[Data extracted from a collection]

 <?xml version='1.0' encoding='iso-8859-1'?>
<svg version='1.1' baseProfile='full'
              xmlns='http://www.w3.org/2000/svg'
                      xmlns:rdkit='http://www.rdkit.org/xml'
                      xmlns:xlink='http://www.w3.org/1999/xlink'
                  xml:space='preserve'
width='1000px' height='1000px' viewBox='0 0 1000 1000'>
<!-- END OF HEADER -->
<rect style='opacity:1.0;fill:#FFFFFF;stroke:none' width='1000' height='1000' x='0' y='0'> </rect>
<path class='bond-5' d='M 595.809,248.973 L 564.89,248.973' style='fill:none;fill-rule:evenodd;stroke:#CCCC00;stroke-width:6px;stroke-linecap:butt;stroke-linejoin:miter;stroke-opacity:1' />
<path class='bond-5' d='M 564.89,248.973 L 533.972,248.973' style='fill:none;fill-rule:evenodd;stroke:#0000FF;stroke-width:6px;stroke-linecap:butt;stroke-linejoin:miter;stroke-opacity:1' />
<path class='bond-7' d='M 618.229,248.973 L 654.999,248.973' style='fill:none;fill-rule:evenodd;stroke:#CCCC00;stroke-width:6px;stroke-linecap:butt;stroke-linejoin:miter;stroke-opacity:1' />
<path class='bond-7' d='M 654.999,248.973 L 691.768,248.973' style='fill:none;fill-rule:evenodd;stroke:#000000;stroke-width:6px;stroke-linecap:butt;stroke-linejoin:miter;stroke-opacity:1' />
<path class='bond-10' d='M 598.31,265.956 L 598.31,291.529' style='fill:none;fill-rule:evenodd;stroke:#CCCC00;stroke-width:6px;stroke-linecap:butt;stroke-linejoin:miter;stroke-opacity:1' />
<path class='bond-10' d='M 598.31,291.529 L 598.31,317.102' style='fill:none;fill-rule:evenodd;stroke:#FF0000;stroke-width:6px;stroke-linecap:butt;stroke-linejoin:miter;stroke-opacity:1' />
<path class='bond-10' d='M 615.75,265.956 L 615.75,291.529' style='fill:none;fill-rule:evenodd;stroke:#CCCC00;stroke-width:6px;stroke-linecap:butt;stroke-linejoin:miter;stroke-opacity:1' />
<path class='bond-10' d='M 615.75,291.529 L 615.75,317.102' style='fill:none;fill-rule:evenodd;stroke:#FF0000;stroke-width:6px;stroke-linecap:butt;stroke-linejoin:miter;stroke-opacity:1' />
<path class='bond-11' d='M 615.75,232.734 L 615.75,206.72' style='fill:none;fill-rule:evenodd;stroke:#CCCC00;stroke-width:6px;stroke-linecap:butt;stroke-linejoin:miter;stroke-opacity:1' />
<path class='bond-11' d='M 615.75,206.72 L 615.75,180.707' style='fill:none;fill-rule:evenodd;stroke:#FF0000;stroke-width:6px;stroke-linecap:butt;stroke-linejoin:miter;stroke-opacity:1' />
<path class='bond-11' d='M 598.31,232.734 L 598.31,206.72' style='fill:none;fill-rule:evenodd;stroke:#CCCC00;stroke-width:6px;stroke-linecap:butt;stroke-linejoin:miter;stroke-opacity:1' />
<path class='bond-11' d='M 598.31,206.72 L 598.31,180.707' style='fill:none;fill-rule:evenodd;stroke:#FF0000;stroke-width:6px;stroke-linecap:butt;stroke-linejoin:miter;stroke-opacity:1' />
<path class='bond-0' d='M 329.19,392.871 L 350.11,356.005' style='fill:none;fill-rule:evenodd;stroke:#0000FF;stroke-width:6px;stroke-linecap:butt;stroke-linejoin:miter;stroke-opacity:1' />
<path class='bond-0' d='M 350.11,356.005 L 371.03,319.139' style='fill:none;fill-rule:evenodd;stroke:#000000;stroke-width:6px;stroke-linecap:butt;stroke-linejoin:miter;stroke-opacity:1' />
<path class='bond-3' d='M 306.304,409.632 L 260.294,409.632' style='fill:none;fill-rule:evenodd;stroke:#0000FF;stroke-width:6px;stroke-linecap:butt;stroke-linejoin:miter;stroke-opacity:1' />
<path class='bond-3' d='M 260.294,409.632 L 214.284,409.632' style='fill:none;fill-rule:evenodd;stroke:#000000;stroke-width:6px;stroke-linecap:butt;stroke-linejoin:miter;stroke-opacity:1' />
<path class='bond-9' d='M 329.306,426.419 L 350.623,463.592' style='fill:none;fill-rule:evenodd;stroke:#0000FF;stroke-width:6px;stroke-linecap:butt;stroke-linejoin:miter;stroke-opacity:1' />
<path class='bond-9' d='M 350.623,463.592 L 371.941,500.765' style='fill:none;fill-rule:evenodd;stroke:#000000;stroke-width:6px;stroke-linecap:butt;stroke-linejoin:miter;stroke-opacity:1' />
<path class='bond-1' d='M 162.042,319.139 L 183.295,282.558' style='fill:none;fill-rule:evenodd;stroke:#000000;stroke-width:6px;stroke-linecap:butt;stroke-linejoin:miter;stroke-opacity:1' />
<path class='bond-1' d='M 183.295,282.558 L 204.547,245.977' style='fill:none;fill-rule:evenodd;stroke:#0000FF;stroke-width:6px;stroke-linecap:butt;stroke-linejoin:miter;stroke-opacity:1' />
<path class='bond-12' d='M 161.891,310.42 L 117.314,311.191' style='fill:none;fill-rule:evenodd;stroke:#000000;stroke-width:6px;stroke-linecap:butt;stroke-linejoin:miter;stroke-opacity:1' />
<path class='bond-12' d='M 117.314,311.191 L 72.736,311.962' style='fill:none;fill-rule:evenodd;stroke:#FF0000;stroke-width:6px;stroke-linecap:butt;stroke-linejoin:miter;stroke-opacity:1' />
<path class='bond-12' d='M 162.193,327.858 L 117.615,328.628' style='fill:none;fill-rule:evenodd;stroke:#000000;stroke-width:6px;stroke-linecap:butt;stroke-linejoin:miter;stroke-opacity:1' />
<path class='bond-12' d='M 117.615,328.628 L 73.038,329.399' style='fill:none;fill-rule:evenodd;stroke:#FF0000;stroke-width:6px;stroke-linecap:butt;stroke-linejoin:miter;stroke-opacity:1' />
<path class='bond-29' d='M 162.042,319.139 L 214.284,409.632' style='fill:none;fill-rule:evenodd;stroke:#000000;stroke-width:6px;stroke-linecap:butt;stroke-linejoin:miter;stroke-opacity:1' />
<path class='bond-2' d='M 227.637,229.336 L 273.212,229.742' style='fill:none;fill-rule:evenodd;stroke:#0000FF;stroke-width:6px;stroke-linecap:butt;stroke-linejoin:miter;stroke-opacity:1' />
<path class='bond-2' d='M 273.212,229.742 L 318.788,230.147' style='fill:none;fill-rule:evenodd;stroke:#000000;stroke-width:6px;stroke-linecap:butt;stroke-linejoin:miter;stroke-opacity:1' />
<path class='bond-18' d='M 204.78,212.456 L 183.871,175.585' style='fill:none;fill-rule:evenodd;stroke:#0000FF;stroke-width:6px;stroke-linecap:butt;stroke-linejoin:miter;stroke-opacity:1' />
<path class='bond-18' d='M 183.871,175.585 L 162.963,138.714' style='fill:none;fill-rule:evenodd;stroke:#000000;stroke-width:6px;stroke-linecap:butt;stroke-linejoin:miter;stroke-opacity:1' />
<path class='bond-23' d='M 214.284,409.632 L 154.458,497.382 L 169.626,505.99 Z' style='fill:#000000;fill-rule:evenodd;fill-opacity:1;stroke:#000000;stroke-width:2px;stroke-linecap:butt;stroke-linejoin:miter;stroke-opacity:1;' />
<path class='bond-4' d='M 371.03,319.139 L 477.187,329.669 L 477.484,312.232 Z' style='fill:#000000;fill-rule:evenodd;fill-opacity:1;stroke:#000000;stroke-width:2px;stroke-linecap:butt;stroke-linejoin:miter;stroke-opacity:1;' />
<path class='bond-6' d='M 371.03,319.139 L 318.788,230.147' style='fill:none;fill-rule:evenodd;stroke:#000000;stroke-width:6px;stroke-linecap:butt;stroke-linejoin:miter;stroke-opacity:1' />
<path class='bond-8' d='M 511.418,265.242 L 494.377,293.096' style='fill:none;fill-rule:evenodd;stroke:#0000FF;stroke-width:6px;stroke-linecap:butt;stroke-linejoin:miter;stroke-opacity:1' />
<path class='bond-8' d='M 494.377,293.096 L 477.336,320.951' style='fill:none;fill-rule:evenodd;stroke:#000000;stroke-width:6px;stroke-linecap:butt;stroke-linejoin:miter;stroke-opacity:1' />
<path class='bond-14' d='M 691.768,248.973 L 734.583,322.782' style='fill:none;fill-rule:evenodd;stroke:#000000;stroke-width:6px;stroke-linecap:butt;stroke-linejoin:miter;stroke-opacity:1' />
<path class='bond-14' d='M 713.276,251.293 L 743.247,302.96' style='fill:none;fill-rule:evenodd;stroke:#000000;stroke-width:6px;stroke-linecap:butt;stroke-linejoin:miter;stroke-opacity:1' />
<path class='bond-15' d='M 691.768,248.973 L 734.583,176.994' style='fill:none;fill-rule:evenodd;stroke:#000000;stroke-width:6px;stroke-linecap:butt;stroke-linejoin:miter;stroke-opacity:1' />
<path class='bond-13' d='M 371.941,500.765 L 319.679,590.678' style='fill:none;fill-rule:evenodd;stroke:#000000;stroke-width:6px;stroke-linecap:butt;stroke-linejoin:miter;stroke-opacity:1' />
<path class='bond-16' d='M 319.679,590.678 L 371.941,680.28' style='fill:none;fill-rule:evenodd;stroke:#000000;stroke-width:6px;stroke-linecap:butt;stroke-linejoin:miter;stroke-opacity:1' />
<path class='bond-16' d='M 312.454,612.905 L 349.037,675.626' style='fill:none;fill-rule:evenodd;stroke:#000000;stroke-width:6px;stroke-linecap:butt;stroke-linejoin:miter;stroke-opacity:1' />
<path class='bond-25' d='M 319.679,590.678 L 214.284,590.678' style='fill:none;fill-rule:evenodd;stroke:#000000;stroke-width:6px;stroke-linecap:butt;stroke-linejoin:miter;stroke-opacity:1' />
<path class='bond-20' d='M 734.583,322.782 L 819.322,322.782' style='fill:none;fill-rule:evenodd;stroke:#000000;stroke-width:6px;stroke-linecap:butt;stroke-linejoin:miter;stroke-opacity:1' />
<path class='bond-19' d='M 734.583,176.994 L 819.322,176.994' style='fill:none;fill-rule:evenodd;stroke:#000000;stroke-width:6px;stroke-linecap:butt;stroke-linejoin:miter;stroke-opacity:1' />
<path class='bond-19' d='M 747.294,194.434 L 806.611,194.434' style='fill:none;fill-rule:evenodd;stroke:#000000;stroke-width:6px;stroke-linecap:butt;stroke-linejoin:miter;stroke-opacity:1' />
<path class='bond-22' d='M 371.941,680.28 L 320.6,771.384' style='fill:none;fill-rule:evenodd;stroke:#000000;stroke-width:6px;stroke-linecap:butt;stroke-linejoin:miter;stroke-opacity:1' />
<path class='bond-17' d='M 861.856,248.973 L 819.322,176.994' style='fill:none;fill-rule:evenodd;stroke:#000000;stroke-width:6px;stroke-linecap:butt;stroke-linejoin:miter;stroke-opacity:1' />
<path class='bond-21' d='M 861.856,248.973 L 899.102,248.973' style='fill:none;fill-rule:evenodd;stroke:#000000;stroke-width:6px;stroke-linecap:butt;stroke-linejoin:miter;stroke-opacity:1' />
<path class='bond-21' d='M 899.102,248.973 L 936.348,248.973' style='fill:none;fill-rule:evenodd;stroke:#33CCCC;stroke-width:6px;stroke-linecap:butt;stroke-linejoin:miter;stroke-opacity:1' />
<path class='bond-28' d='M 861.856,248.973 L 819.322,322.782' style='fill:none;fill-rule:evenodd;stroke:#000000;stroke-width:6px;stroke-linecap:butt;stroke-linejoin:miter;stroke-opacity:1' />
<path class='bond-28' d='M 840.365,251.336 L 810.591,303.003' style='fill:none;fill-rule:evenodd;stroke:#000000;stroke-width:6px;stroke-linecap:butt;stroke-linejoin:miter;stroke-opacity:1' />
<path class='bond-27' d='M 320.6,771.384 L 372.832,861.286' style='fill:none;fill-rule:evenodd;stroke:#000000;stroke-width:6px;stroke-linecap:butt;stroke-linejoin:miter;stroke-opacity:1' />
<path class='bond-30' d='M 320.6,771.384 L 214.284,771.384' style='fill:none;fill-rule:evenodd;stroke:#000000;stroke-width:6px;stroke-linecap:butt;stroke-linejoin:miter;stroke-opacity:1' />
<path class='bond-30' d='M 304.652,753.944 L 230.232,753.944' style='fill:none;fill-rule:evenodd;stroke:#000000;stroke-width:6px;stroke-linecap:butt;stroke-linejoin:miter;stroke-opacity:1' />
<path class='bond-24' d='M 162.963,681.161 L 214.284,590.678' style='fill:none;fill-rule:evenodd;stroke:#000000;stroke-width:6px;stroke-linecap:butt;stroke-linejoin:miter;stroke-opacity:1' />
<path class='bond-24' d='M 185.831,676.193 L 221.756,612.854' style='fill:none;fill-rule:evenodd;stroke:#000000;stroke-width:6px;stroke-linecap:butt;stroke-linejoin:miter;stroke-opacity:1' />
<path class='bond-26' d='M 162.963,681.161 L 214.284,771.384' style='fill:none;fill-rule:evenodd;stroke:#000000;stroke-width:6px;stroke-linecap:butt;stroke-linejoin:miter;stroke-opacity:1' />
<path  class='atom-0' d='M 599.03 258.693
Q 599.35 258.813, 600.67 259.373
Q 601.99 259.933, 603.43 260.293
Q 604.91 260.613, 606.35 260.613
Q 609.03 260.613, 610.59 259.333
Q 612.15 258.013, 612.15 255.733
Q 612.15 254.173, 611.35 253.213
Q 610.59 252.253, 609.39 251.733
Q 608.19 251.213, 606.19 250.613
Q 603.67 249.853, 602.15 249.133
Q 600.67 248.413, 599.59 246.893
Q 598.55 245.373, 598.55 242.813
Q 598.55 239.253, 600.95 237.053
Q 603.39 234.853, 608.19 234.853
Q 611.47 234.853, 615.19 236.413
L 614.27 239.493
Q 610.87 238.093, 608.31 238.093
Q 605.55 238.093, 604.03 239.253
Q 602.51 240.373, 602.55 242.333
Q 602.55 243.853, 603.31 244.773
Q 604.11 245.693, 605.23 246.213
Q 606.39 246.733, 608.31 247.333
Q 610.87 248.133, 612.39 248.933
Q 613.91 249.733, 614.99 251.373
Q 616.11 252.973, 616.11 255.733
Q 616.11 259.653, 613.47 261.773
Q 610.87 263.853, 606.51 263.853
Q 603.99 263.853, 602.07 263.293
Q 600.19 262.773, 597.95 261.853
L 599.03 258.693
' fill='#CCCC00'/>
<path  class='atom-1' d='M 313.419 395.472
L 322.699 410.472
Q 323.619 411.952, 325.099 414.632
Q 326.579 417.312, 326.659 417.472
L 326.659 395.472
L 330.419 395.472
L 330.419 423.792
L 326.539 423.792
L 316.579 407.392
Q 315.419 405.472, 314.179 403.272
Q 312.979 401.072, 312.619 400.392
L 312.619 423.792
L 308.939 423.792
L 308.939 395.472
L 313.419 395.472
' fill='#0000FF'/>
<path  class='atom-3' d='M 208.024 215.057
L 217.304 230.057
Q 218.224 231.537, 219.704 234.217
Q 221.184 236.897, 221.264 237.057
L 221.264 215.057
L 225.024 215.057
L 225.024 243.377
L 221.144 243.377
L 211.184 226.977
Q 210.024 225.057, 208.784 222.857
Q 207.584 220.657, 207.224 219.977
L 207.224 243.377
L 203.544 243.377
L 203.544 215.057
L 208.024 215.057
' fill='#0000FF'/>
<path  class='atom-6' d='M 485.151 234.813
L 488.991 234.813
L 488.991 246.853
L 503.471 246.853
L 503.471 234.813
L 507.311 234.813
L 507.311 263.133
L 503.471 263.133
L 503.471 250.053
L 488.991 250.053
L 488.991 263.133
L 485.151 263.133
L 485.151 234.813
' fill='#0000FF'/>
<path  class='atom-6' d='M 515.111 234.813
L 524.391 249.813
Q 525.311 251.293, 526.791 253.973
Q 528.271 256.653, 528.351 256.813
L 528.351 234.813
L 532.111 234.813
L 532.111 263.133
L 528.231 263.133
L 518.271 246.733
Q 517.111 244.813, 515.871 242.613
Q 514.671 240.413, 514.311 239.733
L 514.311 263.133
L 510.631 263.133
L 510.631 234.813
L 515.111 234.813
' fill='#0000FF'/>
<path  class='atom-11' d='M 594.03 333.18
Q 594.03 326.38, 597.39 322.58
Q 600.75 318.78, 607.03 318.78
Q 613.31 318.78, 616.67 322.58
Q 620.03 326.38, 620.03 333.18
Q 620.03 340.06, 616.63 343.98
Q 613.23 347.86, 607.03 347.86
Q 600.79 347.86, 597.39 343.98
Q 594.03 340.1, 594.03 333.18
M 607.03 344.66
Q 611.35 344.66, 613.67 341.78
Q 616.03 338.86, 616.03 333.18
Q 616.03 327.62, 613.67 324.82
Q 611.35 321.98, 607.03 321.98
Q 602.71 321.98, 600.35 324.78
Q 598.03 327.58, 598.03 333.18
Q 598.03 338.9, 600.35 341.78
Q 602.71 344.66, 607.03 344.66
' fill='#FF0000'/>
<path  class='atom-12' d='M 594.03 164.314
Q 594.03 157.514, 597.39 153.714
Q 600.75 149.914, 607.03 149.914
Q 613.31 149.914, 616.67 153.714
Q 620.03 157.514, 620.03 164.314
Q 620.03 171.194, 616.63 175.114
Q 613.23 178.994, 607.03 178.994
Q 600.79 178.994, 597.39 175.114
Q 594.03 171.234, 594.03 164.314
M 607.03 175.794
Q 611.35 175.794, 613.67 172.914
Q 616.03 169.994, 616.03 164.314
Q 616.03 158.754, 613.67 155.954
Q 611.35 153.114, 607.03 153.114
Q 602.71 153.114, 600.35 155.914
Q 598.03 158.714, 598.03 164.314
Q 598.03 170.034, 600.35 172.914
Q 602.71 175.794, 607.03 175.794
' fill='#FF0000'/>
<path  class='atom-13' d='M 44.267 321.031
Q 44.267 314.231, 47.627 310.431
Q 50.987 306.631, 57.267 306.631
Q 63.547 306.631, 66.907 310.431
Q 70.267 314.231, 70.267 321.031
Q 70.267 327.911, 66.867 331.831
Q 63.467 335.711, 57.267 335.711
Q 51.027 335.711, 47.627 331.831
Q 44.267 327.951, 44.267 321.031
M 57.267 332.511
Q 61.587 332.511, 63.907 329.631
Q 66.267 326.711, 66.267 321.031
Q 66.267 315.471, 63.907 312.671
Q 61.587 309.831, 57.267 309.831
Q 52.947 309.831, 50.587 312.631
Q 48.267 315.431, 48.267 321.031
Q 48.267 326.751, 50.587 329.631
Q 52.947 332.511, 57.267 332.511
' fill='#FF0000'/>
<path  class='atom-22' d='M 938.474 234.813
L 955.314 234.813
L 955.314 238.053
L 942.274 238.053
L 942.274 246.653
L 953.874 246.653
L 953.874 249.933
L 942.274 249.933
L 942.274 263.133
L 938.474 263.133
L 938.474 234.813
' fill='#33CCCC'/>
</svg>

# TASK DETAILS
Starting at the line that has "Q 218.224 231.537, 219.704 234.217" and ending at the line that has "Q 616.03 158.754, 613.67 155.954", please write out the lines above exactly, leaving out all others.

# PROBLEM SOLUTION
Q 218.224 231.537, 219.704 234.217
Q 221.184 236.897, 221.264 237.057
L 221.264 215.057
L 225.024 215.057
L 225.024 243.377
L 221.144 243.377
L 211.184 226.977
Q 210.024 225.057, 208.784 222.857
Q 207.584 220.657, 207.224 219.977
L 207.224 243.377
L 203.544 243.377
L 203.544 215.057
L 208.024 215.057
' fill='#0000FF'/>
<path  class='atom-6' d='M 485.151 234.813
L 488.991 234.813
L 488.991 246.853
L 503.471 246.853
L 503.471 234.813
L 507.311 234.813
L 507.311 263.133
L 503.471 263.133
L 503.471 250.053
L 488.991 250.053
L 488.991 263.133
L 485.151 263.133
L 485.151 234.813
' fill='#0000FF'/>
<path  class='atom-6' d='M 515.111 234.813
L 524.391 249.813
Q 525.311 251.293, 526.791 253.973
Q 528.271 256.653, 528.351 256.813
L 528.351 234.813
L 532.111 234.813
L 532.111 263.133
L 528.231 263.133
L 518.271 246.733
Q 517.111 244.813, 515.871 242.613
Q 514.671 240.413, 514.311 239.733
L 514.311 263.133
L 510.631 263.133
L 510.631 234.813
L 515.111 234.813
' fill='#0000FF'/>
<path  class='atom-11' d='M 594.03 333.18
Q 594.03 326.38, 597.39 322.58
Q 600.75 318.78, 607.03 318.78
Q 613.31 318.78, 616.67 322.58
Q 620.03 326.38, 620.03 333.18
Q 620.03 340.06, 616.63 343.98
Q 613.23 347.86, 607.03 347.86
Q 600.79 347.86, 597.39 343.98
Q 594.03 340.1, 594.03 333.18
M 607.03 344.66
Q 611.35 344.66, 613.67 341.78
Q 616.03 338.86, 616.03 333.18
Q 616.03 327.62, 613.67 324.82
Q 611.35 321.98, 607.03 321.98
Q 602.71 321.98, 600.35 324.78
Q 598.03 327.58, 598.03 333.18
Q 598.03 338.9, 600.35 341.78
Q 602.71 344.66, 607.03 344.66
' fill='#FF0000'/>
<path  class='atom-12' d='M 594.03 164.314
Q 594.03 157.514, 597.39 153.714
Q 600.75 149.914, 607.03 149.914
Q 613.31 149.914, 616.67 153.714
Q 620.03 157.514, 620.03 164.314
Q 620.03 171.194, 616.63 175.114
Q 613.23 178.994, 607.03 178.994
Q 600.79 178.994, 597.39 175.114
Q 594.03 171.234, 594.03 164.314
M 607.03 175.794
Q 611.35 175.794, 613.67 172.914
Q 616.03 169.994, 616.03 164.314
Q 616.03 158.754, 613.67 155.954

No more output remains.